Hierarchical data contain separate records for different record types.
Household-only data contain household records without any person records.
The data_structure argument defaults to {"rectangular": {"on": "P"}}, which requests a
rectangular, person-level extract. The code snippet below requests a hierarchical USA extract
instead:
extract = MicrodataExtract(
collection="usa",
samples=["us2012b"],
variables=["AGE", "SEX"],
description="An IPUMS extract example",
data_structure={"hierarchical": {}},
)
Some IPUMS data collections offer rectangular files on non-person record types. For example, IPUMS ATUS offers rectangular files at the activity level and IPUMS MEPS offers rectangular files at the round level.
To rectangularize on a different record type, adjust the "on" key.

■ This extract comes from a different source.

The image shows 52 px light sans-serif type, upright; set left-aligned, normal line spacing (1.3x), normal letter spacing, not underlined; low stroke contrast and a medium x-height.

For instance, to rectangularize
an IPUMS MEPS extract on round records:
extract = MicrodataExtract(
collection="meps",
samples=["mp2016"],
variables=["AGE", "SEX", "PREGNTRD"],
description="An IPUMS extract example",
data_structure={"rectangular": {"on": "R"}},
)
The table below shows the available data structures and the IPUMS data collections for which each is valid.
Data structure |
Syntax |
Collections |
|---|---|---|
rectangular on Person (default) |
|
all IPUMS microdata collections |
hierarchical |
|
all IPUMS microdata collections |
rectangular on Activity |
|
|
rectangular on Round |
|
|
rectangular on Injury |
|
|
household only |
|
|
Note that some types of records are only available as part of hierarchical extracts. This is true of IPUMS ATUS “Who” and “Eldercare”[*] records and of IPUMS MEPS “Event”, “Condition”, and “Prescription Medications” record types.

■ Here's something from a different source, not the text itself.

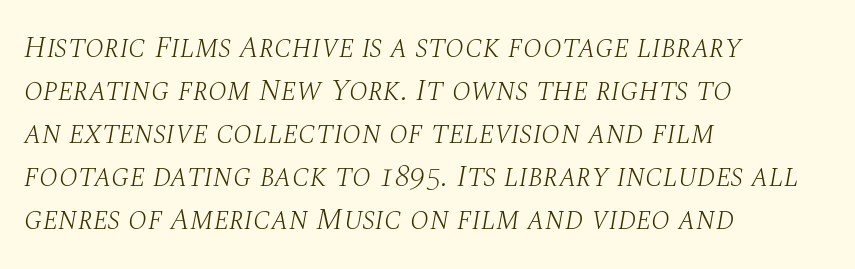
Compared with a centered layout, this one pins lines to the left instead. Check where the strokes stop: tiny serifs finish them off. Tracking value appears to be zero — textbook default spacing. Normally led — the rows are evenly, conventionally spaced.
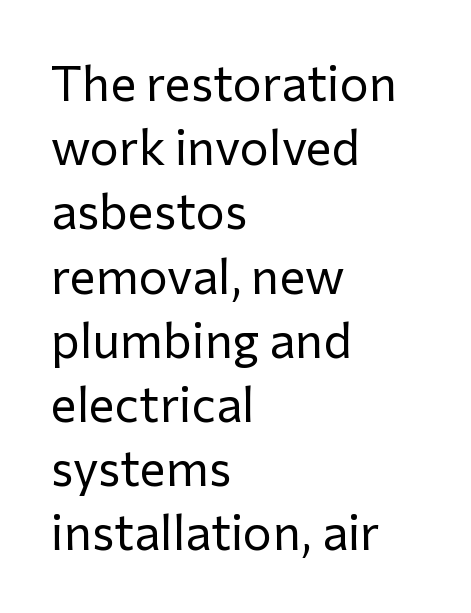
The image shows 49 px regular-weight sans-serif type, upright; set left-aligned, normal line spacing (1.31x), normal letter spacing, not underlined; low stroke contrast and a medium x-height.

Users also have the option to specify a desired file format when creating an extract object
by using the data_format argument:
extract = MicrodataExtract(
collection="usa",
samples=["us2012b"],
variables=["AGE", "SEX"],
description="An IPUMS extract example",
data_format="csv",
)
Extract Features#
Certain features of a MicrodataExtract can be
added or updated before an extract request is submitted. This section
demonstrates adding features to the following IPUMS CPS extract.
extract = MicrodataExtract(
collection="cps",
samples=["cps2022_03s"],
variables=["AGE", "SEX", "RACE"],
description="A CPS extract example"
)
Attach Characteristics#
IPUMS allows users to create variables that reflect the characteristics of other household
members. The example below uses the attach_characteristics() method to attach the
spouse’s AGE value, creating a new variable called SEX_SP in the extract that will contain the
age of a person’s spouse if they have one and be 0 otherwise.
The attach_characteristics() method takes the name of the variable to attach and the
household member whose values the new variable will include. Valid household members
include “spouse”, “mother”, “father”, and “head”.
extract.attach_characteristics("SEX", ["spouse"])
The following would add variables for the RACE value of both parents:
extract.attach_characteristics("RACE", ["mother", "father"])
Select Cases#
IPUMS allows users to restrict the records included in their extract based on values of included
variables. In ipumspy, use select_cases() to do so. This method takes a variable name and
a list of values for that variable. The resulting extract will only include the records whose data
for that variable match the indicated values.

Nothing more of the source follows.